Federal intervention may be needed to counter and reshape the powerful trends underway
Artificial intelligence is different from previous high-tech fields in that its rise is not just happening in the United States, but globally. It is growing in a series of global tech hubs such as London, Berlin, Tel Aviv, Shanghai, Beijing, Bangalore, Montreal and Toronto. In fact, the Brookings Institution study mentions Toronto's Vector Institute, a consortium of universities and global companies, as an example that regions can look to in building their AI clusters and ecosystems. My research with Ian Hathaway charts the rise of global tech hubs against the backdrop that the U.S. share of global venture capital going to startups has fallen from more than 90 or 95 percent in the 1990s to less than half today.

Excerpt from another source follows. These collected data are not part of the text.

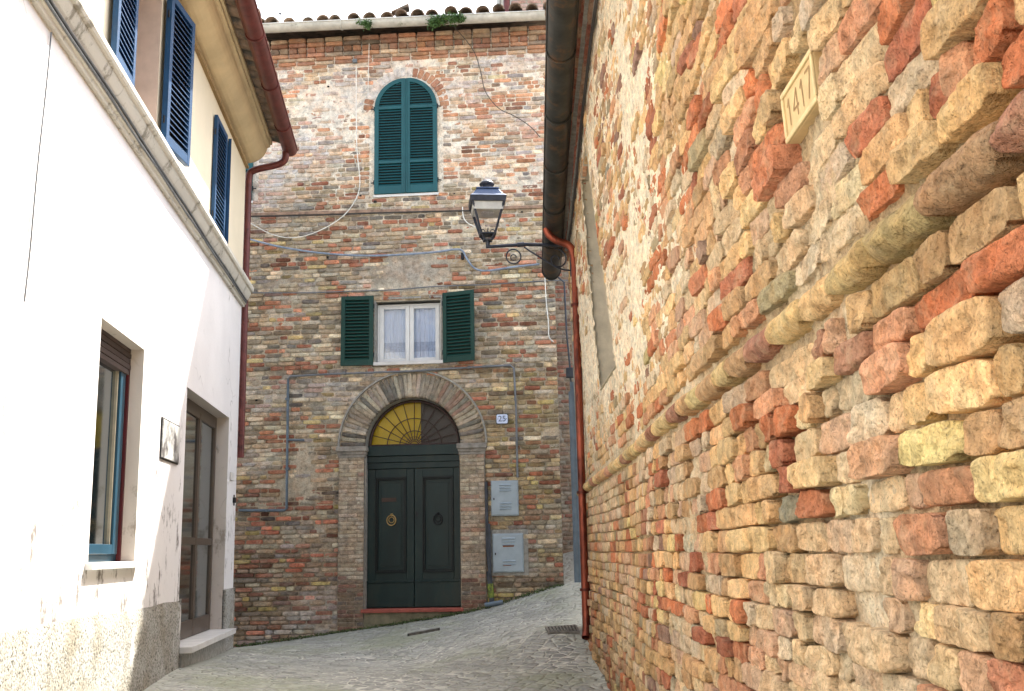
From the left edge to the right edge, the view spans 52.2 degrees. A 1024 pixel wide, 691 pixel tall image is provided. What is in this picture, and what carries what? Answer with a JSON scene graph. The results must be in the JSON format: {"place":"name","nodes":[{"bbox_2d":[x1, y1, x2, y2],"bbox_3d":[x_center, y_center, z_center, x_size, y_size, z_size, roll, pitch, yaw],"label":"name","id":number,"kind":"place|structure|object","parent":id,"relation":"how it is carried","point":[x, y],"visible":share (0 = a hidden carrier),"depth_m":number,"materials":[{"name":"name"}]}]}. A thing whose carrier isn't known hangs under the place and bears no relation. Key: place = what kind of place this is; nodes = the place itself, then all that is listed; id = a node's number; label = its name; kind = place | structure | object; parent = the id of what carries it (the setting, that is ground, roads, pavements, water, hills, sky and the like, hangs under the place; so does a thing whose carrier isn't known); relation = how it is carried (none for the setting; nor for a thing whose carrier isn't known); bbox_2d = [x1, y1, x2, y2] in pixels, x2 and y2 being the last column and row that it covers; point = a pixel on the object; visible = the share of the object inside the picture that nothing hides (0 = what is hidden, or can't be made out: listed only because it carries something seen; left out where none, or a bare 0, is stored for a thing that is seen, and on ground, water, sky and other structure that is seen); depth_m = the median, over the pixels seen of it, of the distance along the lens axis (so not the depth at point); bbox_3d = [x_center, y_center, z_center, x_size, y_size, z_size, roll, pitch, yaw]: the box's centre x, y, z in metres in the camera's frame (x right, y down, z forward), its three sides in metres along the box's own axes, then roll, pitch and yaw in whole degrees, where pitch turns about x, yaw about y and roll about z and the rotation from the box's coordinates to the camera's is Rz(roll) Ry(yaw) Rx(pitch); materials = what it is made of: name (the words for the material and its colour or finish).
{"place":"outdoors","nodes":[
{"label":"outdoors","id":0,"kind":"place"},
{"bbox_2d":[256,0,495,21],"label":"sky","id":1,"kind":"structure","parent":0,"point":[297,10],"materials":[{"name":"white"}]},
{"bbox_2d":[144,551,609,690],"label":"paved street","id":2,"kind":"structure","parent":0,"point":[511,645],"depth_m":9.91,"materials":[{"name":"grey stone"}]},
{"bbox_2d":[0,0,297,690],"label":"white house","id":3,"kind":"structure","parent":2,"relation":"on","point":[120,331],"depth_m":7.36,"materials":[{"name":"paint"}]},
{"bbox_2d":[23,32,51,301],"bbox_3d":[-2.540,-0.984,5.601,0.010,1.566,0.124,0,-11,-6],"label":"cable","id":4,"kind":"object","parent":3,"relation":"attached to","point":[37,168],"depth_m":5.58,"materials":[{"name":"grey plastic"}]},
{"bbox_2d":[85,328,141,569],"bbox_3d":[-2.827,0.709,7.155,0.345,1.611,1.220,0,-11,-6],"label":"window","id":5,"kind":"structure","parent":3,"relation":"in","point":[108,483],"depth_m":7.39,"materials":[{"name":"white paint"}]},
{"bbox_2d":[44,0,247,303],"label":"cable run","id":6,"kind":"object","parent":3,"relation":"attached to","point":[90,63],"visible":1,"depth_m":7.22,"materials":[{"name":"grey plastic"}]},
{"bbox_2d":[160,417,179,464],"bbox_3d":[-2.835,0.798,8.672,0.016,0.334,0.644,0,-11,-6],"label":"metal plate","id":7,"kind":"object","parent":3,"relation":"attached to","point":[170,441],"visible":1,"depth_m":8.60,"materials":[{"name":"metal"}]},
{"bbox_2d":[179,398,235,667],"bbox_3d":[-3.100,1.965,10.197,0.480,2.799,2.300,0,-11,-6],"label":"door","id":8,"kind":"structure","parent":3,"relation":"in","point":[198,642],"depth_m":10.40,"materials":[{"name":"brown wood"}]},
{"bbox_2d":[230,472,233,480],"bbox_3d":[-3.121,1.459,11.647,0.013,0.090,0.200,0,-11,-6],"label":"name plate","id":9,"kind":"object","parent":3,"relation":"attached to","point":[232,476],"visible":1,"depth_m":11.64,"materials":[{"name":"stone"}]},
{"bbox_2d":[237,151,288,457],"bbox_3d":[-2.966,-0.542,12.473,0.535,3.748,0.105,-1,-11,0],"label":"drainpipe","id":10,"kind":"object","parent":3,"relation":"attached to","point":[281,162],"visible":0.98,"depth_m":12.42,"materials":[{"name":"metal"}]},
{"bbox_2d":[233,1,563,646],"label":"brick house","id":11,"kind":"structure","parent":2,"relation":"on","point":[380,519],"depth_m":13.85,"materials":[{"name":"brick"}]},
{"bbox_2d":[245,163,255,203],"bbox_3d":[-3.997,-2.778,14.529,0.934,1.710,0.082,-2,-11,4],"label":"arched window","id":12,"kind":"structure","parent":11,"relation":"in","point":[250,164],"depth_m":14.39,"materials":[{"name":"teal paint"}]},
{"bbox_2d":[239,379,303,511],"bbox_3d":[-3.131,1.303,13.660,0.844,1.731,0.055,-2,-11,4],"label":"gas pipe","id":13,"kind":"object","parent":11,"relation":"attached to","point":[286,469],"visible":1,"depth_m":13.57,"materials":[{"name":"grey metal"}]},
{"bbox_2d":[251,65,359,237],"bbox_3d":[-2.849,-2.667,14.367,1.556,2.466,0.014,-2,-11,4],"label":"white cable","id":14,"kind":"object","parent":11,"relation":"attached to","point":[359,175],"visible":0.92,"depth_m":14.21,"materials":[{"name":"white plastic"}]},
{"bbox_2d":[251,210,468,216],"bbox_3d":[-2.087,-1.786,14.146,3.071,0.077,0.022,-2,-11,4],"label":"ledge cable","id":15,"kind":"object","parent":11,"relation":"on","point":[360,213],"visible":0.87,"depth_m":14.13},
{"bbox_2d":[355,16,372,30],"bbox_3d":[-2.022,-4.394,14.310,0.261,0.210,0.220,0,-11,-6],"label":"gutter plant","id":16,"kind":"object","parent":11,"relation":"in","point":[366,23],"visible":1,"depth_m":14.28,"materials":[{"name":"green plant"}]},
{"bbox_2d":[250,238,539,271],"bbox_3d":[-1.620,-1.235,14.002,3.972,0.613,0.028,-2,-11,4],"label":"cable bundle","id":17,"kind":"object","parent":11,"relation":"attached to","point":[446,250],"visible":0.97,"depth_m":13.98,"materials":[{"name":"grey plastic"}]},
{"bbox_2d":[287,364,518,477],"bbox_3d":[-1.442,1.017,13.576,3.033,1.468,0.068,-2,-11,4],"label":"conduit","id":18,"kind":"object","parent":11,"relation":"attached to","point":[453,368],"visible":1,"depth_m":13.63,"materials":[{"name":"grey metal"}]},
{"bbox_2d":[371,78,440,197],"bbox_3d":[-1.456,-2.867,14.347,0.977,1.710,0.082,-2,-11,4],"label":"arched window","id":19,"kind":"structure","parent":11,"relation":"in","point":[405,109],"depth_m":14.32,"materials":[{"name":"teal paint"}]},
{"bbox_2d":[373,295,442,365],"bbox_3d":[-1.364,-0.179,13.942,0.927,0.925,0.295,-2,-11,4],"label":"window","id":20,"kind":"structure","parent":11,"relation":"in","point":[405,332],"depth_m":13.95,"materials":[{"name":"white paint"}]},
{"bbox_2d":[253,280,567,292],"bbox_3d":[-1.375,-0.769,13.912,4.242,0.056,0.016,-2,-11,4],"label":"thin wire","id":21,"kind":"object","parent":11,"relation":"attached to","point":[411,288],"visible":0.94,"depth_m":13.90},
{"bbox_2d":[544,277,553,341],"bbox_3d":[0.484,-0.505,13.695,0.100,0.946,0.014,-2,-11,4],"label":"end wire","id":22,"kind":"object","parent":21,"relation":"hanging from","point":[547,310],"visible":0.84,"depth_m":13.68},
{"bbox_2d":[367,444,460,607],"bbox_3d":[-1.261,2.318,13.482,1.250,2.055,0.110,-2,-11,4],"label":"door","id":23,"kind":"structure","parent":11,"relation":"in","point":[409,564],"depth_m":13.49,"materials":[{"name":"paint"}]},
{"bbox_2d":[425,10,466,30],"bbox_3d":[-0.872,-4.428,14.228,0.623,0.285,0.295,-3,-11,7],"label":"gutter plant","id":24,"kind":"object","parent":11,"relation":"in","point":[437,20],"visible":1,"depth_m":14.20,"materials":[{"name":"green plant"}]},
{"bbox_2d":[462,207,481,226],"bbox_3d":[-0.540,-1.727,14.013,0.261,0.287,0.016,-2,-11,4],"label":"lamp wire","id":25,"kind":"object","parent":11,"relation":"attached to","point":[466,221],"visible":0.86,"depth_m":14.00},
{"bbox_2d":[484,482,493,601],"bbox_3d":[-0.285,2.469,13.171,0.101,1.495,0.086,0,-11,-6],"label":"cable duct","id":26,"kind":"object","parent":11,"relation":"attached to","point":[489,572],"visible":1,"depth_m":13.13,"materials":[{"name":"grey metal"}]},
{"bbox_2d":[453,26,539,136],"bbox_3d":[-0.297,-3.711,14.319,1.329,1.895,0.012,-2,-11,4],"label":"hanging wire","id":27,"kind":"object","parent":11,"relation":"attached to","point":[484,88],"visible":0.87,"depth_m":14.26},
{"bbox_2d":[496,414,507,423],"bbox_3d":[-0.128,0.949,13.498,0.161,0.135,0.022,-2,-11,4],"label":"number plaque","id":28,"kind":"object","parent":11,"relation":"attached to","point":[501,418],"visible":1,"depth_m":13.49,"materials":[{"name":"ceramic"}]},
{"bbox_2d":[491,480,518,515],"bbox_3d":[-0.091,1.944,13.299,0.348,0.444,0.090,-2,-11,4],"label":"meter box","id":29,"kind":"object","parent":11,"relation":"attached to","point":[504,498],"visible":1,"depth_m":13.27,"materials":[{"name":"paint"}]},
{"bbox_2d":[492,481,517,514],"bbox_3d":[-0.094,1.938,13.267,0.324,0.416,0.025,-2,-11,4],"label":"box door","id":30,"kind":"structure","parent":29,"relation":"in","point":[504,494],"depth_m":13.27,"materials":[{"name":"paint"}]},
{"bbox_2d":[490,529,528,575],"bbox_3d":[-0.034,2.608,13.165,0.480,0.570,0.090,-2,-11,4],"label":"meter box","id":31,"kind":"object","parent":11,"relation":"attached to","point":[509,552],"visible":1,"depth_m":13.14,"materials":[{"name":"paint"}]},
{"bbox_2d":[493,534,522,571],"bbox_3d":[-0.052,2.607,13.133,0.366,0.452,0.025,-2,-11,4],"label":"box door","id":32,"kind":"structure","parent":31,"relation":"in","point":[507,549],"depth_m":13.14,"materials":[{"name":"paint"}]},
{"bbox_2d":[408,627,439,635],"bbox_3d":[-1.020,3.305,12.062,0.371,0.086,0.053,0,-11,-6],"label":"drain grate","id":33,"kind":"object","parent":2,"relation":"on","point":[424,631],"visible":1,"depth_m":12.04,"materials":[{"name":"metal"}]},
{"bbox_2d":[484,600,502,606],"bbox_3d":[-0.226,3.207,12.977,0.235,0.090,0.068,-1,-11,-1],"label":"pipe offcut","id":34,"kind":"object","parent":2,"relation":"on","point":[494,603],"visible":1,"depth_m":12.95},
{"bbox_2d":[496,0,573,552],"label":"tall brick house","id":35,"kind":"structure","parent":2,"relation":"on","point":[564,435],"depth_m":15.86,"materials":[{"name":"brick"}]},
{"bbox_2d":[545,624,579,634],"bbox_3d":[0.500,2.822,10.362,0.315,0.084,0.246,0,-11,-6],"label":"drain grate","id":36,"kind":"object","parent":2,"relation":"on","point":[572,629],"visible":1,"depth_m":10.32,"materials":[{"name":"metal"}]},
{"bbox_2d":[568,382,580,581],"bbox_3d":[0.761,1.620,12.552,0.100,2.392,0.100,0,-11,-6],"label":"blue pipe","id":37,"kind":"object","parent":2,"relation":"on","point":[575,505],"visible":0.73,"depth_m":12.50,"materials":[{"name":"metal"}]},
{"bbox_2d":[558,277,572,381],"bbox_3d":[0.670,-0.169,12.863,0.183,1.431,0.092,0,-11,-6],"label":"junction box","id":38,"kind":"object","parent":37,"relation":"attached to","point":[569,371],"visible":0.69,"depth_m":12.86,"materials":[{"name":"grey plastic"}]},
{"bbox_2d":[541,0,1023,690],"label":"old brick building","id":39,"kind":"structure","parent":2,"relation":"on","point":[797,236],"depth_m":2.69,"materials":[{"name":"brick"}]},
{"bbox_2d":[468,179,570,276],"bbox_3d":[0.099,-1.208,10.694,1.068,1.017,0.369,0,-11,-6],"label":"street lamp","id":40,"kind":"object","parent":39,"relation":"attached to","point":[487,199],"visible":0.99,"depth_m":10.61,"materials":[{"name":"metal"}]},
{"bbox_2d":[543,227,590,639],"bbox_3d":[0.582,0.770,10.025,0.471,3.979,0.130,0,-11,-6],"label":"copper drainpipe","id":41,"kind":"object","parent":39,"relation":"attached to","point":[585,589],"visible":0.88,"depth_m":9.99,"materials":[{"name":"brown metal"}]},
{"bbox_2d":[568,0,597,240],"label":"eave cable","id":42,"kind":"object","parent":39,"relation":"attached to","point":[586,82],"visible":0.94,"depth_m":8.03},
{"bbox_2d":[233,584,563,647],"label":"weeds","id":43,"kind":"object","parent":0,"point":[375,626],"visible":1,"depth_m":13.05,"materials":[{"name":"green plant"}]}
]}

This rise of global tech hubs is likely to increase in the future only if the new crown era of travel, immigration restrictions continue, and many of the world's cities become more attractive as gathering places for both homegrown and global talent.
In addition to these geographic challenges, AI is expected to have a dramatic impact on employment, potentially eliminating not only a large number of low-skilled jobs in manufacturing and services (e.g., transportation, logistics, and retail), but also in professional and knowledge work areas (e.g., medicine, law, and engineering). Given this threat to jobs and existing industries, the Brookings Institution study encourages all regions to carefully assess the threats and opportunities posed by AI to their economies and workforces. This, in turn, is very important.
Federal intervention may be needed to counter and reshape the powerful trends underway. The Innovation and Competition Act of 2021, proposed by the Biden administration and being considered by Congress, would target $250 billion in investments in key technologies such as artificial intelligence to drive the development of new "regional technology hubs" (RTCs) across the United States.
If AI is allowed to grow freely, it will reinforce and exacerbate the "winner-take-all" attributes of the economic and geographic landscape.